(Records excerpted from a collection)
○ ○ ○ ○ ○ ○ ○
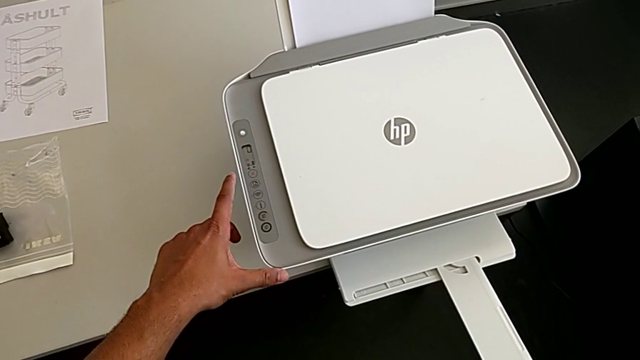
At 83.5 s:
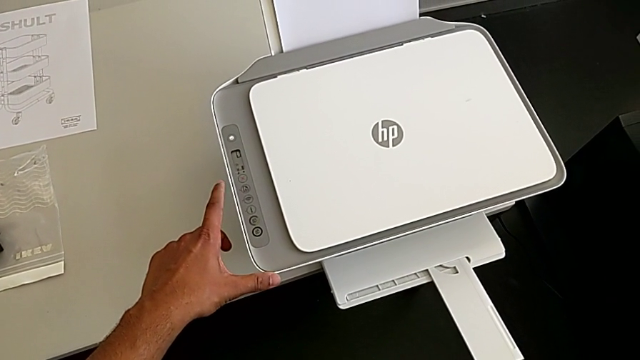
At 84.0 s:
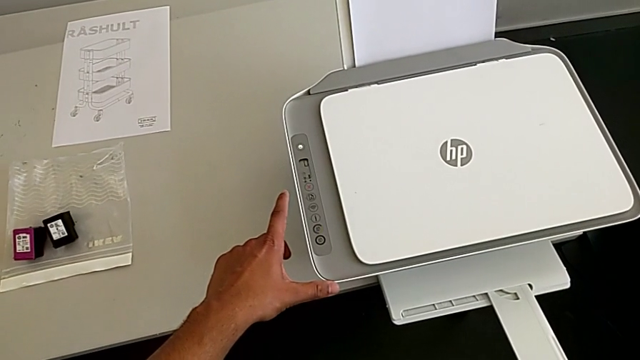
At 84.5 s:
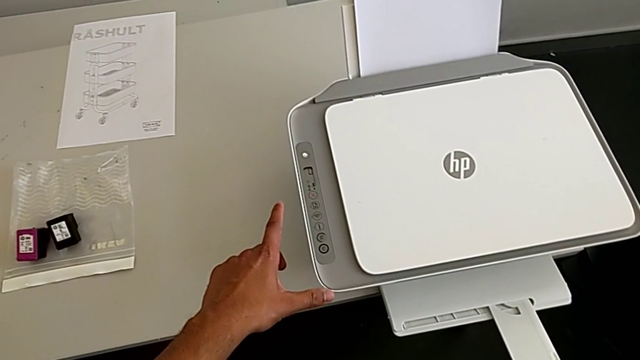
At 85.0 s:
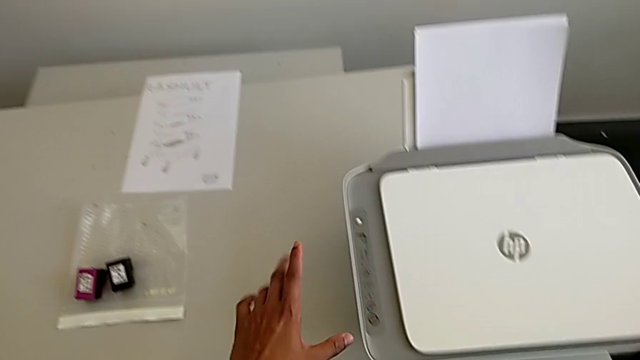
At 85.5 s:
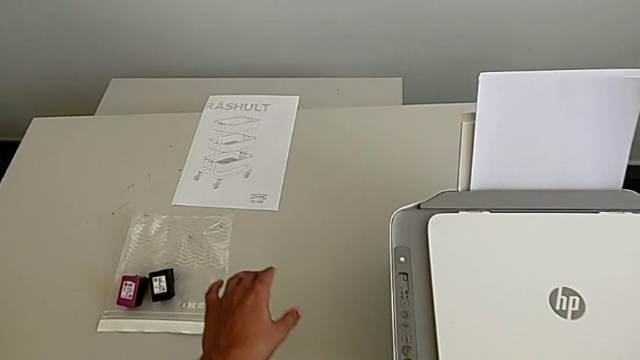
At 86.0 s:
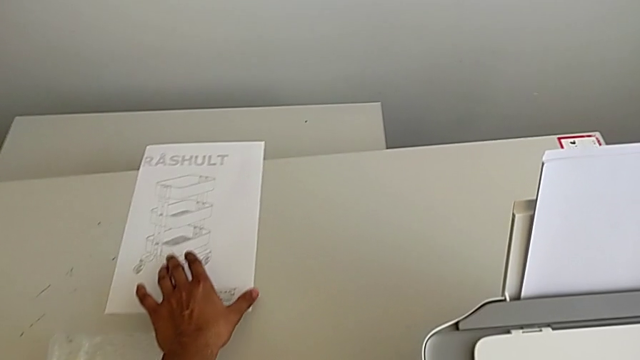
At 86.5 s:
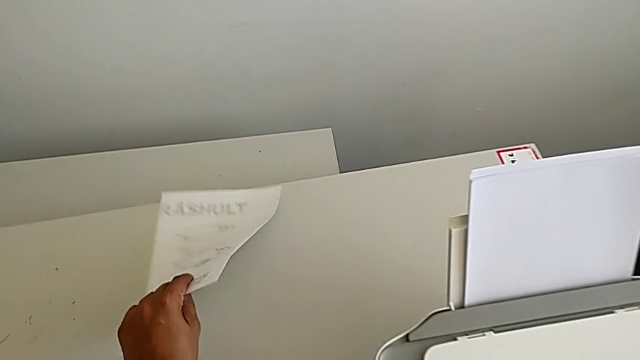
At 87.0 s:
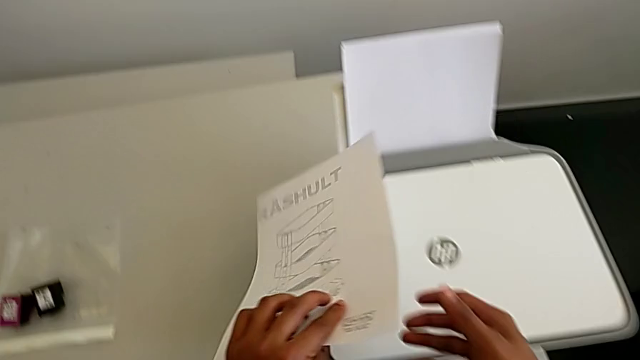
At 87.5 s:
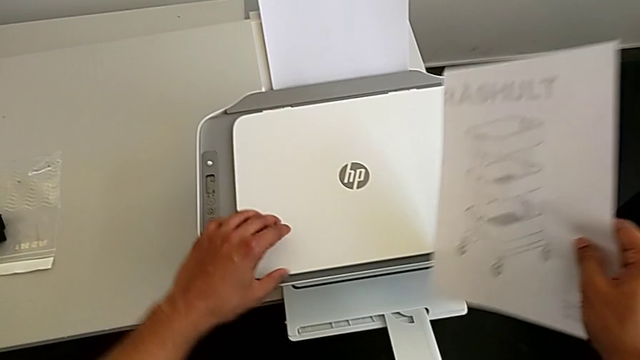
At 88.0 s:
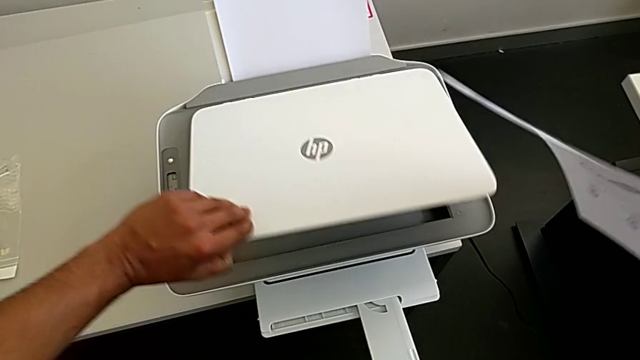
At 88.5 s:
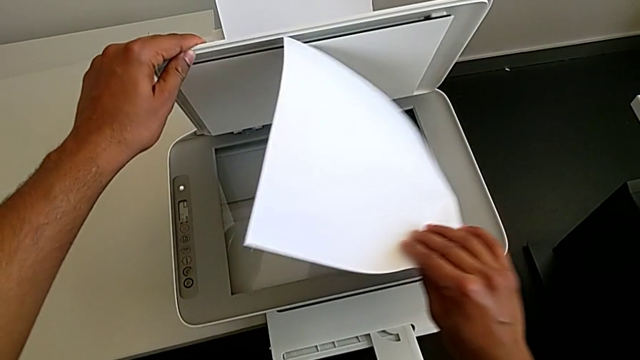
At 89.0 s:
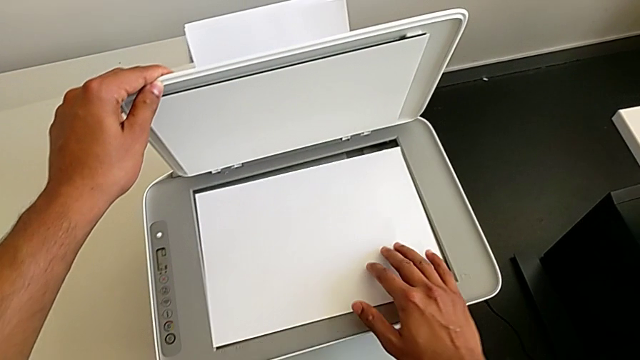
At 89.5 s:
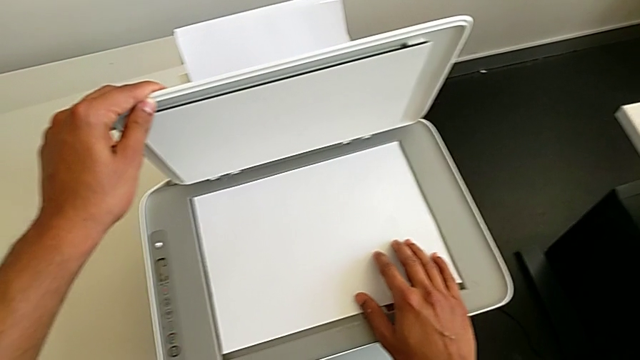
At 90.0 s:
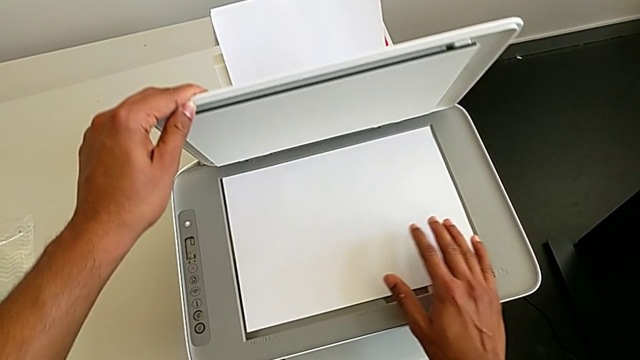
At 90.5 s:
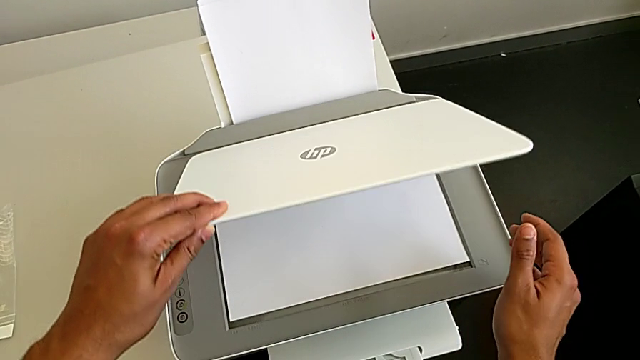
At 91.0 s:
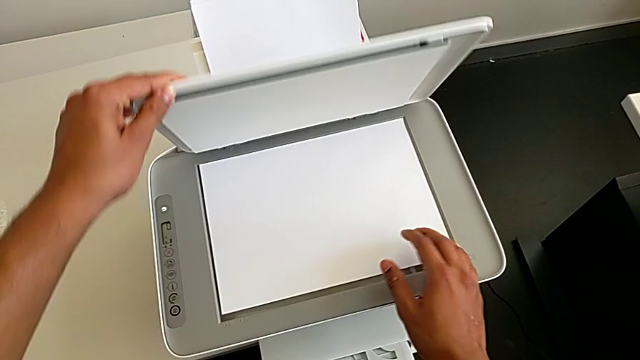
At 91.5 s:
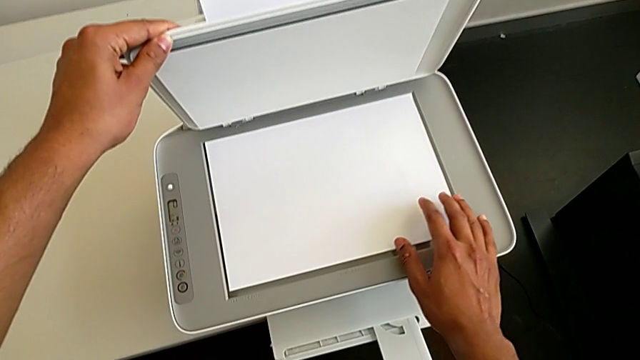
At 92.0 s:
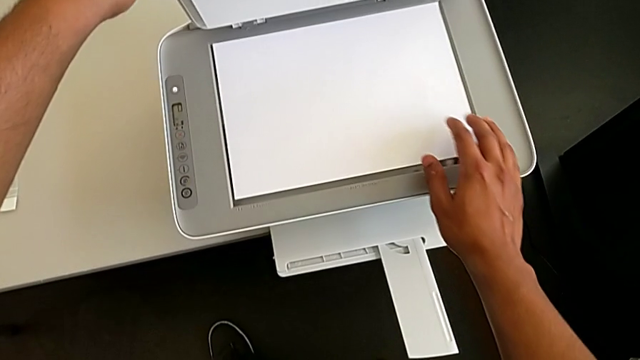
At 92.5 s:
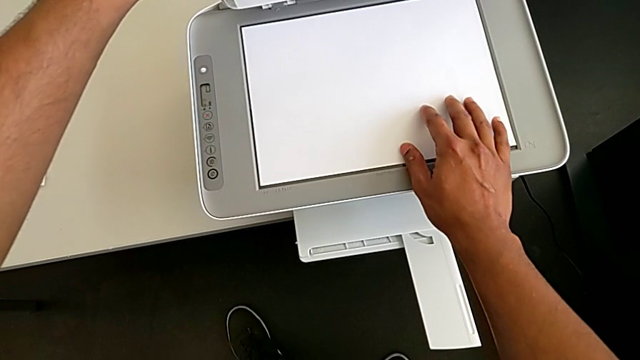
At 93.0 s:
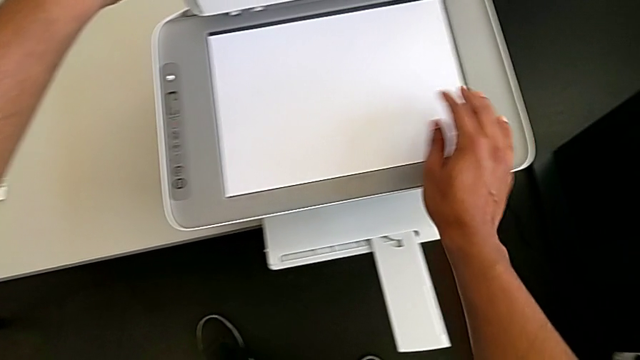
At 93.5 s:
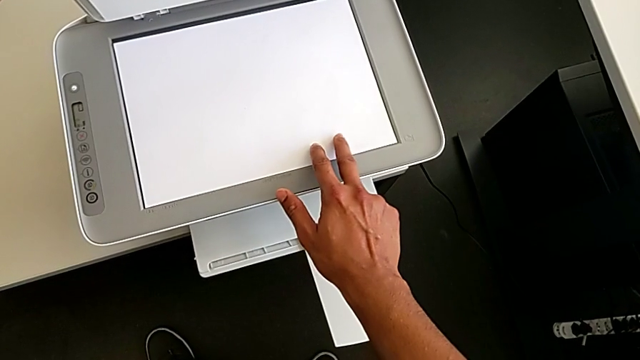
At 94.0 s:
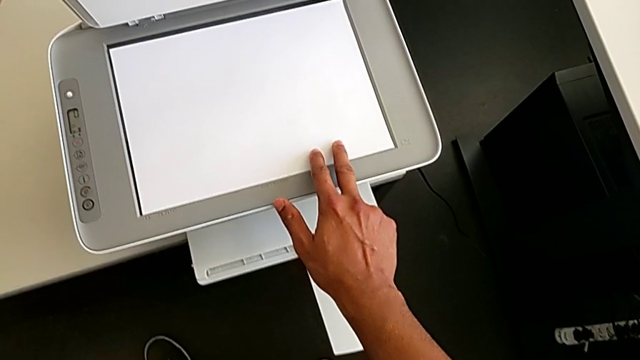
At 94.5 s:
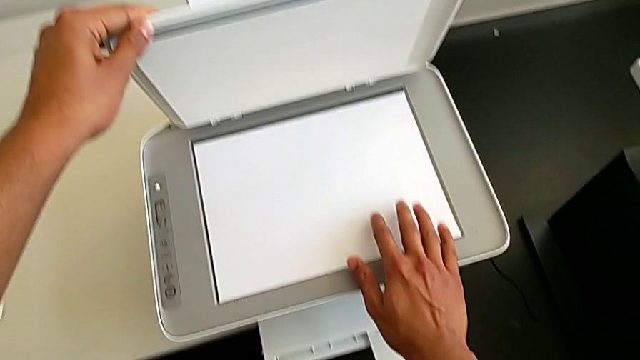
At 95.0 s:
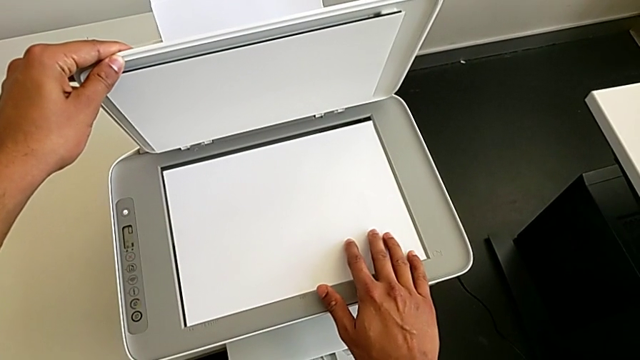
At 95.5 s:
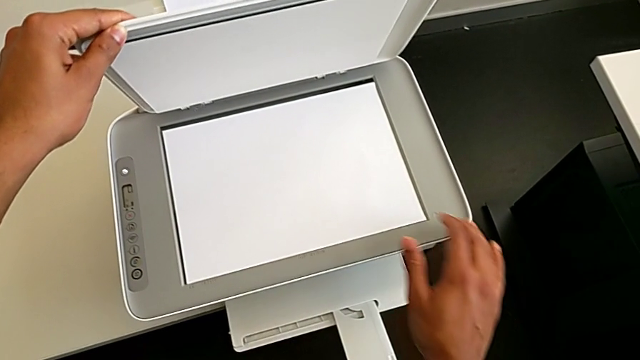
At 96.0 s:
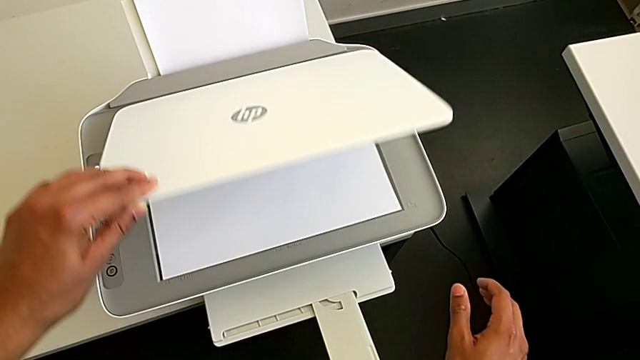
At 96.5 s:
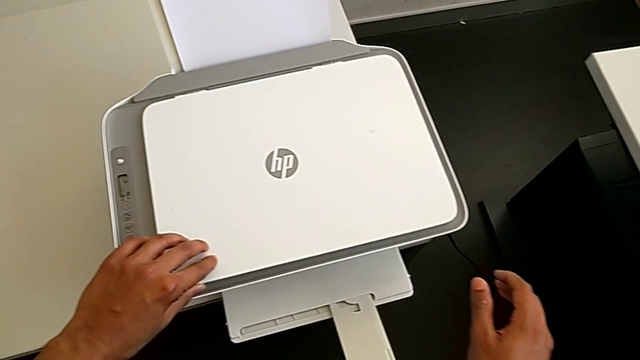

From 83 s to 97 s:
The camera wearer is placing the paper on the copier. They grab the paper stack, open the copy gate, touch the paper tray, align the paper stack and begin to close the copy gate.
○ ○ ○ ○ ○ ○ ○
Please reproduce each entry exactly as given and omit the pictures.

- Completed exercise
At 83.5 s:
At 84.0 s:
At 84.5 s:
At 85.0 s:
At 85.5 s:
At 86.0 s:
At 86.5 s:
At 87.0 s:
At 87.5 s:
At 88.0 s:
At 88.5 s:
At 89.0 s:
At 89.5 s:
At 90.0 s:
At 90.5 s:
At 91.0 s:
At 91.5 s:
At 92.0 s:
At 92.5 s:
At 93.0 s:
At 93.5 s:
At 94.0 s:
At 94.5 s:
At 95.0 s:
At 95.5 s:
At 96.0 s:
At 96.5 s:

From 83 s to 97 s:
The camera wearer is placing the paper on the copier. They grab the paper stack, open the copy gate, touch the paper tray, align the paper stack and begin to close the copy gate.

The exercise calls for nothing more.